Besides these problems with your code, to answer your question : normal way is to forward declare classes - not to include headers in headers (unless you have to).
If you follow a few basic rules, it is not awkward at all. But in comparison to e.g. Java or C#, you have to follow these rules by yourself, the compiler and/or language spec does not enforce it.
Other answers already noted that, but I will recap here so you have it in one place:
Use include guards. They make sure that your header (and thus your class definition) is only included once.

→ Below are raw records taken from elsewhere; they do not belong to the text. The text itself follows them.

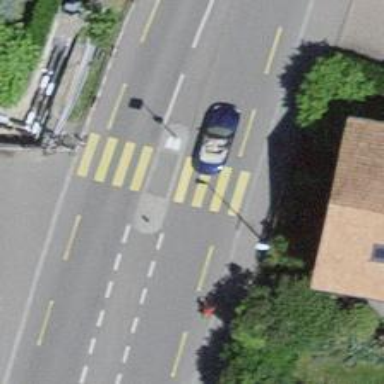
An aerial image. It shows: Marked crossing with pedestrian island.
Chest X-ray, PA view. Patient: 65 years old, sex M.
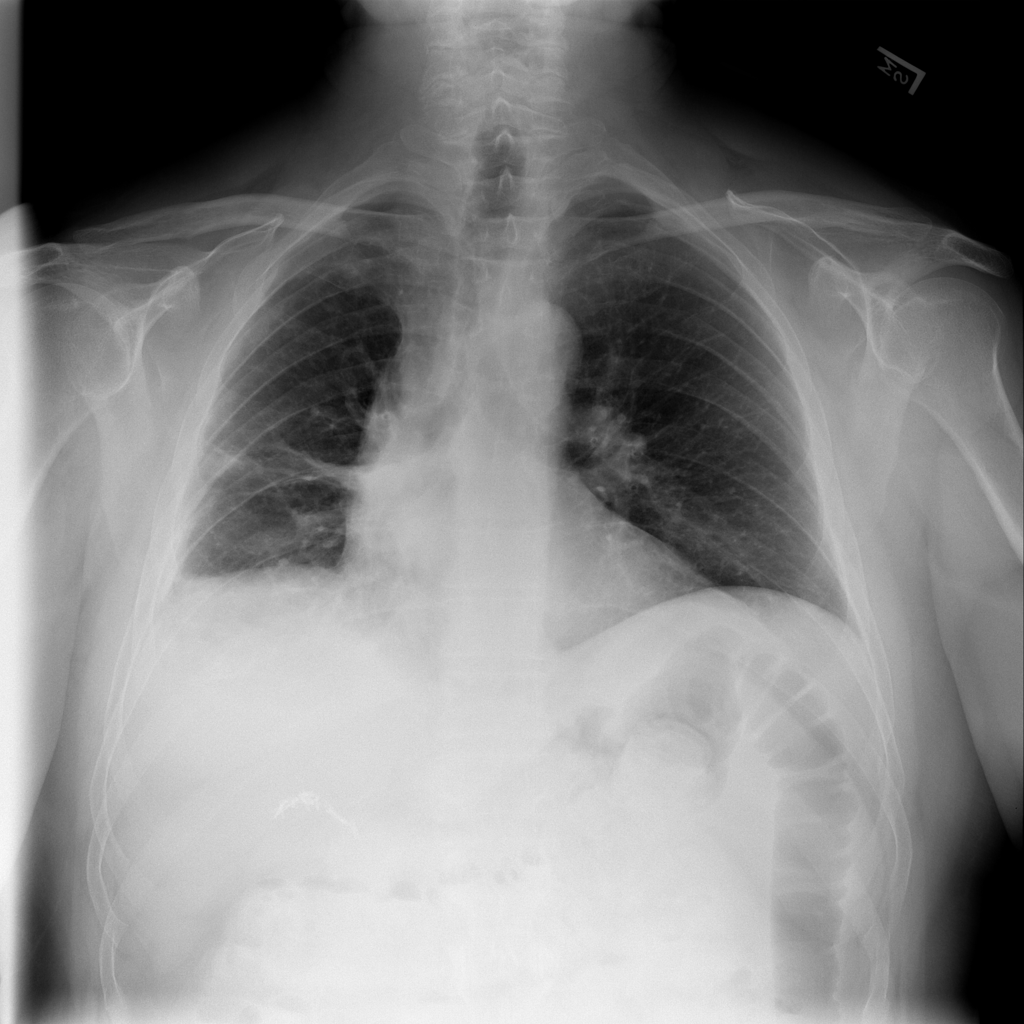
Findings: Atelectasis, Consolidation, Infiltration
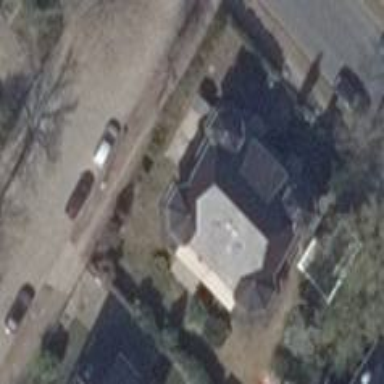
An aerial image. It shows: Detached building with mansard roof shape.
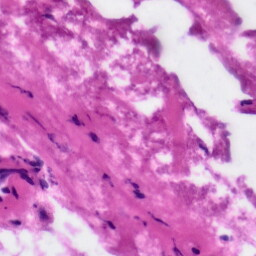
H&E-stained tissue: Tonsil
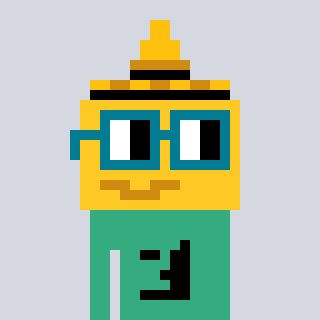
a pixel art character with square dark green glasses, a mustard-shaped head and a teal-colored body on a cool background
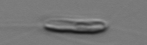
Label: Chrysochromulina
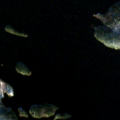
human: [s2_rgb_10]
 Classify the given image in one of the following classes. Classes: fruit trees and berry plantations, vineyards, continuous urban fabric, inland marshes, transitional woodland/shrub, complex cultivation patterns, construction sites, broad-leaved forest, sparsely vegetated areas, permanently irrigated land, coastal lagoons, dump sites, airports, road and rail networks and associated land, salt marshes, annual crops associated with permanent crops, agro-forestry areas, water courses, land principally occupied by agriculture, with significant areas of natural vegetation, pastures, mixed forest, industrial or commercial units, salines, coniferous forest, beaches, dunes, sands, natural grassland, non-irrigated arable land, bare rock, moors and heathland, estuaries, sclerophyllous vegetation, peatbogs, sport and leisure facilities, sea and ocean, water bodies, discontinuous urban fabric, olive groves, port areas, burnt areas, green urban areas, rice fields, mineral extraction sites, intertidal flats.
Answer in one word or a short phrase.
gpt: mixed forest, water bodies
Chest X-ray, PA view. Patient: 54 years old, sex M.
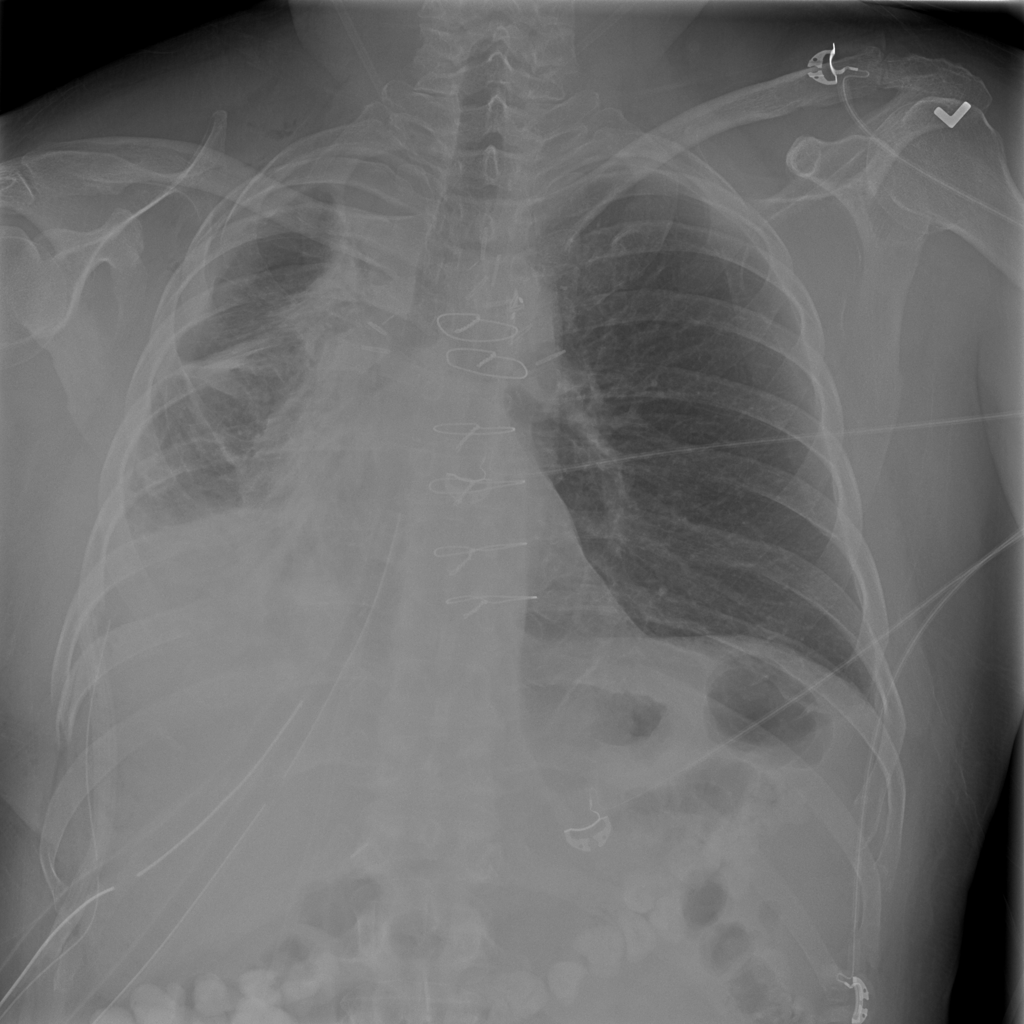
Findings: No Finding
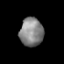
Tissue: prostate
Cell type: T cells
Senescence score: 0.3501
Nuclear area (px): 657
Mean DAPI intensity: 132.406
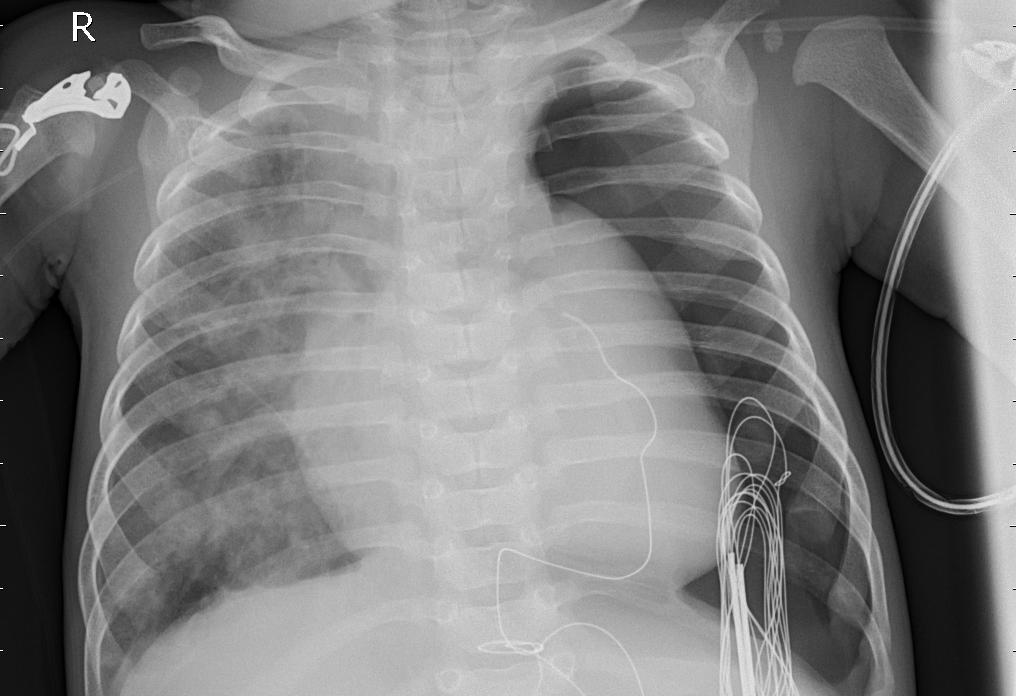
Diagnosis: PNEUMONIA
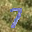
Label: 7
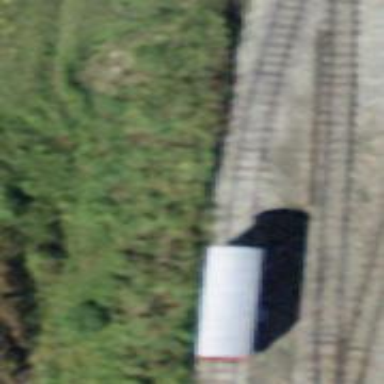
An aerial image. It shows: Preserved narrow-gauge railway in service yard.
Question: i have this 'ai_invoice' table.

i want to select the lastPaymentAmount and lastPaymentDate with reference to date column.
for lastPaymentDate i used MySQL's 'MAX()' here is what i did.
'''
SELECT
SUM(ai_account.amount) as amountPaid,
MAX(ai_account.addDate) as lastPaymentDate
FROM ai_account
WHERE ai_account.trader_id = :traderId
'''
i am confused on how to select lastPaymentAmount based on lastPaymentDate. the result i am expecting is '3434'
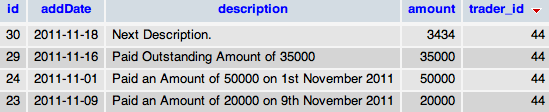
Answer: Here is what you have to do
'''
SELECT
ai_account.amount as amountPaid,
ai_account.addDate as lastPaymentDate
FROM ai_account
WHERE ai_account.id = (
SELECT
id
FROM ai_account
WHERE ai_account.trader_id = :traderId
ORDER BY ai_account.addDate DESC
LIMIT 1
)
'''
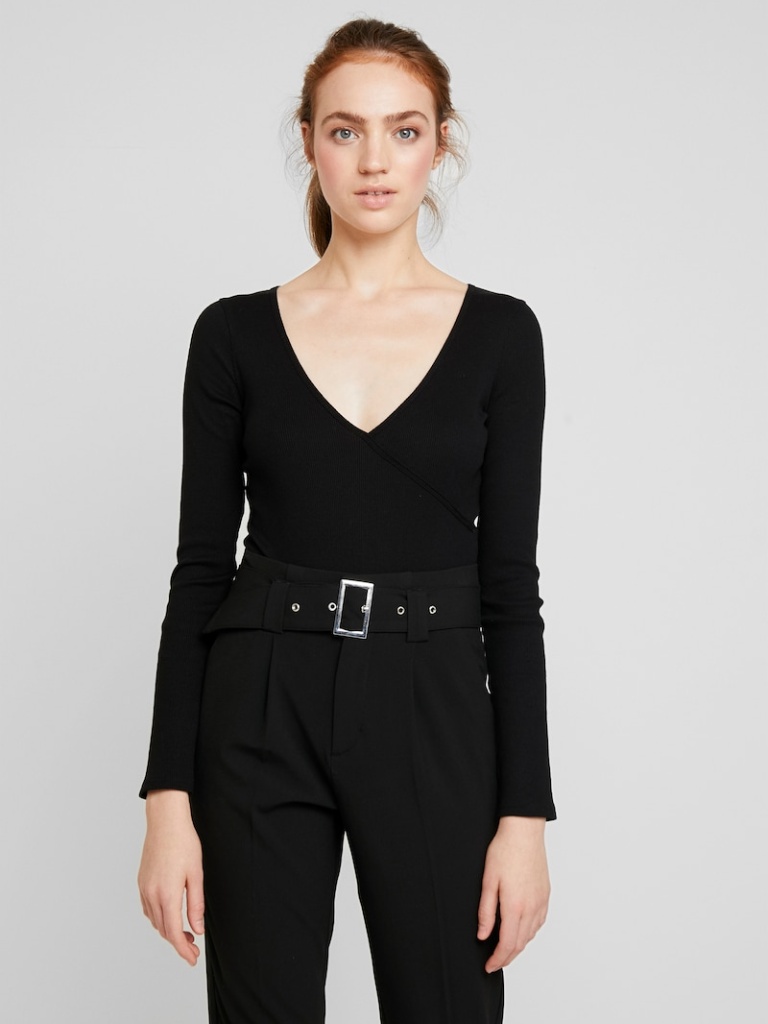
knit tight a long-sleeved with the sleeves down torso length Fully Tucked in v-neck bodysuit
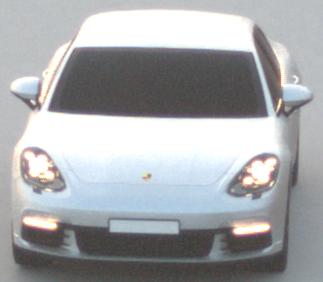
Make: Porsche
Model: Panamera
Detailed model: Panamera (971)
Model produced from: 2016/11
Model produced until: 2018/08
Doors: 5
Color: white
Road condition: dry road
Daytime: dawn
Contrast: low contrast
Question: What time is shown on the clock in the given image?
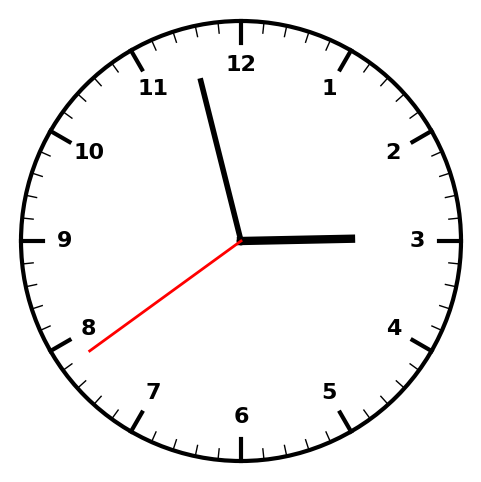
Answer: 02:57:39
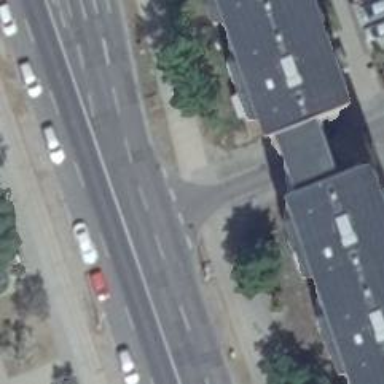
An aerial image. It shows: Secondary road with asphalt surface. There is parallel on-street parking on the left lane.
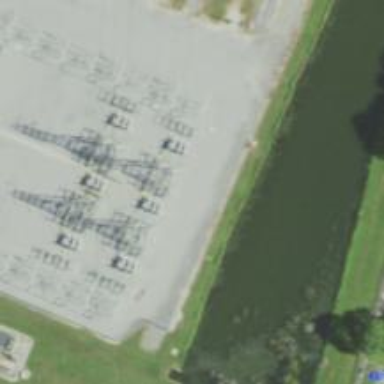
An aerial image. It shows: Switch for power supply.
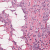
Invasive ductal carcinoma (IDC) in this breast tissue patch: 1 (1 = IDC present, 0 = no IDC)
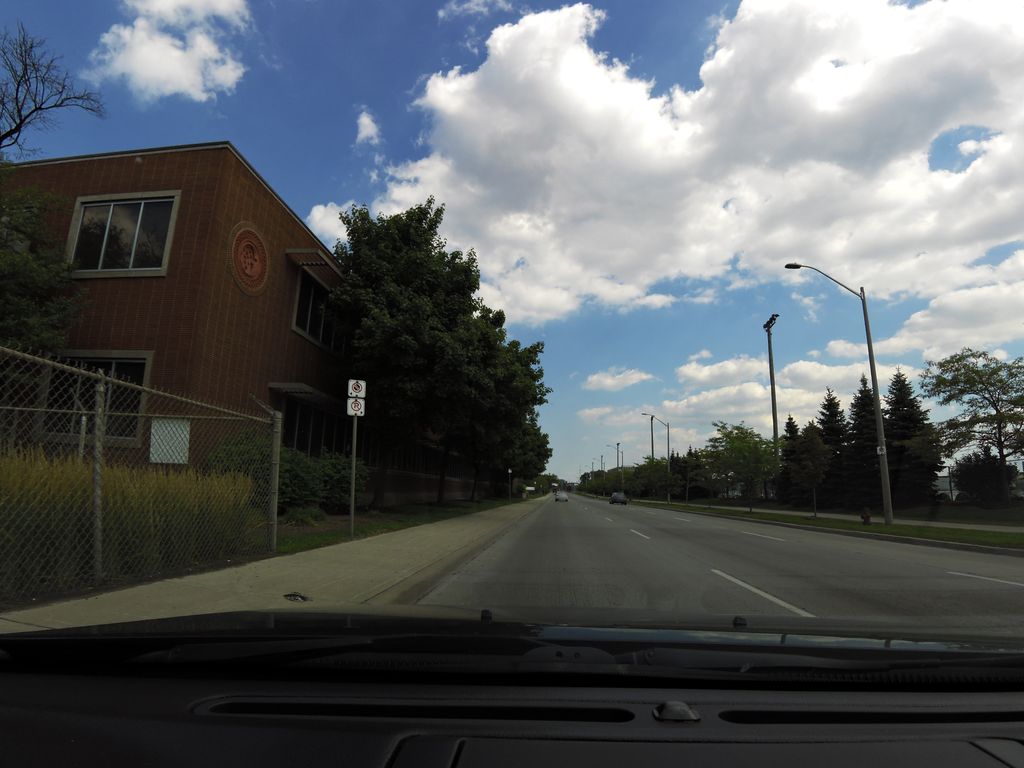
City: hamilton
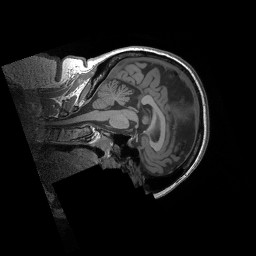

Normally, you will want to separate the declaration and implementation of your methods. This makes the header files more reusable and will reduce compilation time, because the header requires normally fewer #includes than the CPP (i.e. implementation) file.
In the header, use forward declarations instead of includes. This is possible only if you just use the name of the respective type, but don't need to know any "internals". The reason for this is that the forward declaration just tells the compiler that a certain name exists, but not what it contains.
This is a forward declaration of class Bar:
class Bar;
class Foo {
void foooh(Bar * b);
};
Here, the compiler will know that there is a Bar somewhere, but it does not know what members it has.
Use "using namespace xyz" only in CPP files, not in headers.
Allright, here comes your example code, modified to meet these rules. I only show the Hello class, the HelloPackage is to be separated into header and CPP file accordingly.
Hello.h (was Header1.h in your example)
#include <string>
class HelloPackage;
class Hello
{
public:
Hello();
Hello(std::string message, HelloPackage * pack);
void Execute();
private:
string Message;
HelloPackage * Package;
};
Hello.cpp
#include "Hello.h"
#include "HelloPackage.h"
using namespace std;
Hello::Hello() : Message("")
{}
Hello::Hello(string message, HelloPackage * pack)
{
Message = message;
Package = pack;
}
void Hello::Execute()
{
cout << Message << endl;
// Now accessing NothingReally works!
Package->NothingReally(8);
}
One question that may arise is why is the include for string is needed. Couldn't you just forward declare the string class, too?
The difference is that you use the string as embedded member, you don't use a pointer to string. This is ok, but it forces you to use #include, because the compiler must know how much space a string instance needs inside your Hello class.